パワースーツ一瞬で完売!ワークマン が描く高機能ウェアの進化系と労働人口減少対策とは
数値としての裏付けを持った、より高次な機能性ウエア
「単に機能があるとか、新しい技術を取り入れるだけではなく、数値としての裏付けを持ったものをワークマンとして責任を持って販売していく。そのために当社では形にできない部分を企業や大学などの機関の力を借りながらしっかり開発していきたい」
柏田氏がこう話すように、高い機能性と安さのワークマンらしさではなく、同研究所では、高機能に加えエビデンスにもこだわり、科学的裏付けのあるワークアイテムを値段にこだわらず開発し、販売していく。つまり、いい意味でワークマンの「制約」を取り除くことで、より機能性を追求し、社会課題に踏み込めるほどのクオリティを目指す。

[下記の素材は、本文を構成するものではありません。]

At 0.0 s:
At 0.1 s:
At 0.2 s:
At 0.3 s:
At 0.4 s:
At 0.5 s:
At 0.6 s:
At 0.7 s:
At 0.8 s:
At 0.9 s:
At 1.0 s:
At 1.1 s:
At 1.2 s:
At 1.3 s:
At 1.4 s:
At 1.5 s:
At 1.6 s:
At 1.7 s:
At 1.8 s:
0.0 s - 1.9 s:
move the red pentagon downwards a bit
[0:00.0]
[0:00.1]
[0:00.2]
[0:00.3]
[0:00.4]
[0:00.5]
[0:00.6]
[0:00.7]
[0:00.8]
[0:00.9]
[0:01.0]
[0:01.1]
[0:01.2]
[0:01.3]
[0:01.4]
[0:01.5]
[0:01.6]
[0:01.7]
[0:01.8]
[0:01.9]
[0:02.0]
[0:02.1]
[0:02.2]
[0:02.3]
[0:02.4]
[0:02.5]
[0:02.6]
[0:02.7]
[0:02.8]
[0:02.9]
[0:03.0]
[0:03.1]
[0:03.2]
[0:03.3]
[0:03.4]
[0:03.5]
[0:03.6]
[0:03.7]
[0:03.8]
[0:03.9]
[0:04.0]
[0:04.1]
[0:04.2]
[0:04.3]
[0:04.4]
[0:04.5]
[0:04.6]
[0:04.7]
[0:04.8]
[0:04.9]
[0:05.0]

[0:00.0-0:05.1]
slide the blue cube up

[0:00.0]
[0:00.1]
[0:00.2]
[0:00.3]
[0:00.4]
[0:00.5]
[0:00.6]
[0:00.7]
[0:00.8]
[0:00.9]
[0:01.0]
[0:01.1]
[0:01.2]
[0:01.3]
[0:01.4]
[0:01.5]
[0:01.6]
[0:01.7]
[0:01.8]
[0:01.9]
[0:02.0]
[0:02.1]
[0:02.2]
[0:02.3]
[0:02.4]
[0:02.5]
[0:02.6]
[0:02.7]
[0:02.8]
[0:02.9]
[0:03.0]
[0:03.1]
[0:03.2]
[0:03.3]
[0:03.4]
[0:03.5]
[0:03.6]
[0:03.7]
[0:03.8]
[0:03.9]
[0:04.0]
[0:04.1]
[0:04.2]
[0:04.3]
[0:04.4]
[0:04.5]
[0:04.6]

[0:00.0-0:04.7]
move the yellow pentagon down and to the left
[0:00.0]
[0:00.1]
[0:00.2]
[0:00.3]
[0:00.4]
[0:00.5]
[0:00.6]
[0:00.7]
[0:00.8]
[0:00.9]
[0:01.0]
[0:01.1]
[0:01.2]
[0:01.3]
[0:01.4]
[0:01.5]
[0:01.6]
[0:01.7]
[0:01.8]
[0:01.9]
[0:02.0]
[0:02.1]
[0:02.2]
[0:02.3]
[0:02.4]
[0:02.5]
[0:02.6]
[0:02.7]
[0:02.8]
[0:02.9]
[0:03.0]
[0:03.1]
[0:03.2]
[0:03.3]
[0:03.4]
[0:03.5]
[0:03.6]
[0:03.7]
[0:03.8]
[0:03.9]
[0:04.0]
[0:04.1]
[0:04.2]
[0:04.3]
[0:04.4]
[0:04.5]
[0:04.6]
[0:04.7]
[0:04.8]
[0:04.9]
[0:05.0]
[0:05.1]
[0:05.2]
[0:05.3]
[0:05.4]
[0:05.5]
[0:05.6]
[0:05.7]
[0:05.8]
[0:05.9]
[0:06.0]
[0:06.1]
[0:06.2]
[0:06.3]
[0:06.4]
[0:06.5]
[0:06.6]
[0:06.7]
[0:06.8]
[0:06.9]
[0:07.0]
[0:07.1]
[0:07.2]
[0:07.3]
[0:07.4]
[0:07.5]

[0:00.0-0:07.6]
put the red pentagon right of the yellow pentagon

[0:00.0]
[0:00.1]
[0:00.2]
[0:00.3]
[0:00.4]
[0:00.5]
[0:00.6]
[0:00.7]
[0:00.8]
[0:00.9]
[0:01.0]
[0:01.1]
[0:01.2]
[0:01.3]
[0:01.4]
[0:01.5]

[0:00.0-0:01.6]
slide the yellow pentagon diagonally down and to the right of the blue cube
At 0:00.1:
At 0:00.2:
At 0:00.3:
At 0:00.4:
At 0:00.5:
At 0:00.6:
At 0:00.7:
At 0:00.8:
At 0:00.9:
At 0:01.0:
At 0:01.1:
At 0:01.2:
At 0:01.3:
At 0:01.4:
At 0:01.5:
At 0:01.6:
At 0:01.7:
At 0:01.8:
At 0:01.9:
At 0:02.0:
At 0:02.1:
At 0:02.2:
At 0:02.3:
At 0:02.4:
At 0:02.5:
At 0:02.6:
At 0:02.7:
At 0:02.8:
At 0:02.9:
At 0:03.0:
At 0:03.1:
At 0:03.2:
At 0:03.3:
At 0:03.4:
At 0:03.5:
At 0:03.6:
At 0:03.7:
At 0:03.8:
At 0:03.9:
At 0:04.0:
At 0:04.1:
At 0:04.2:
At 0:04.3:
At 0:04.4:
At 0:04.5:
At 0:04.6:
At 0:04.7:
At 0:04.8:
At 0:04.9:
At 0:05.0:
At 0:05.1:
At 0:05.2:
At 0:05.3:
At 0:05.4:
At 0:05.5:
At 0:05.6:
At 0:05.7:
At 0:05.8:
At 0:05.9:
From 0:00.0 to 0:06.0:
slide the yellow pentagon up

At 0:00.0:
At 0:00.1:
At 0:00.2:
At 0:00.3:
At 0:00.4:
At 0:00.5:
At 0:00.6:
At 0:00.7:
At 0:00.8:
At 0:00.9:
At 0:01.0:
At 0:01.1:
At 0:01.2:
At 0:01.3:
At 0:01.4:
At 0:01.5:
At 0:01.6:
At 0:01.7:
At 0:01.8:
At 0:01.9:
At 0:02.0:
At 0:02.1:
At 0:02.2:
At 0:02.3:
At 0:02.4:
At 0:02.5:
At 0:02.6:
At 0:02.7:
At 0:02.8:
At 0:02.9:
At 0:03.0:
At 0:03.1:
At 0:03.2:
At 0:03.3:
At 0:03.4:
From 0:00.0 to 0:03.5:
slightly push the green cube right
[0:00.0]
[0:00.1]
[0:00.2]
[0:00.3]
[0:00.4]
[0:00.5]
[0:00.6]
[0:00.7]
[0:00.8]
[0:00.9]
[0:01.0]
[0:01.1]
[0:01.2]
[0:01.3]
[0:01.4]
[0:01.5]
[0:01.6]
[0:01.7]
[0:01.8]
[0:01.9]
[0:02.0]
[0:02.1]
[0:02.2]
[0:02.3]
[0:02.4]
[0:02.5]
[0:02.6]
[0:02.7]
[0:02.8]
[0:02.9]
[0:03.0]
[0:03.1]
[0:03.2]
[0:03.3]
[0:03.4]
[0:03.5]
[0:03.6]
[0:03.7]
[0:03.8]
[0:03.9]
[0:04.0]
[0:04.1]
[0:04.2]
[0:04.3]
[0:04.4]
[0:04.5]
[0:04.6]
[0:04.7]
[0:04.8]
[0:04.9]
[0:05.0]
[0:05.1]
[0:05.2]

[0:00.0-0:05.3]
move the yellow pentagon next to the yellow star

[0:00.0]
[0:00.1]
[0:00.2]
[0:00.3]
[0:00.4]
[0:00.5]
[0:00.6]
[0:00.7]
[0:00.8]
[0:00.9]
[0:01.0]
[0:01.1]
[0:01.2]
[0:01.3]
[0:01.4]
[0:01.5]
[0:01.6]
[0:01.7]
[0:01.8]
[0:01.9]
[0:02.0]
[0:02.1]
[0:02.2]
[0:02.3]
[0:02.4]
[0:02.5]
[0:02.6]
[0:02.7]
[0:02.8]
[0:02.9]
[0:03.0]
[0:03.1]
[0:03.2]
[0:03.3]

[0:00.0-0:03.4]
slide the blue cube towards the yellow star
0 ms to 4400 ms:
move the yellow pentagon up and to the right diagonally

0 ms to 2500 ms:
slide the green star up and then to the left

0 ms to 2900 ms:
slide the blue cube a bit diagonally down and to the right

実際、上記2製品はそれぞれ9,800円、19,800円となっており、いわゆるワークマン価格と一線を画す。機能面も大学やメーカーの力を存分に借りながら、ワンランク上の機能を装備している。
法人を軸に販売も一瞬で完売
視線の先に、労働寿命延伸という大テーマを見据えるだけに、販路も法人が軸となる。発売済みの2製品は新たに立ち上げられた法人部門が担い、あっという間に製造分を完売。倉庫や警備会社、医療機関など過酷な労働環境にある企業を中心に、多くの引き合いがあるという。
企画から開発までのスピード感が強みのワークマンにとって、企業や大学との協業は諸刃の剣でもある。多くの実験や検証、データ収集などが増えることで、どうしても製造までの時間がかかってしまう。その結果、販売数が需要に追い付かず、限定生産を繰り返すことになる。
とはいえ、法人にとどまらず将来的には現在満足な供給ができていない個人向けの展開も視野に入れており、1000店舗に迫る販売網にあまねく行き渡るよう、体制は整備していく。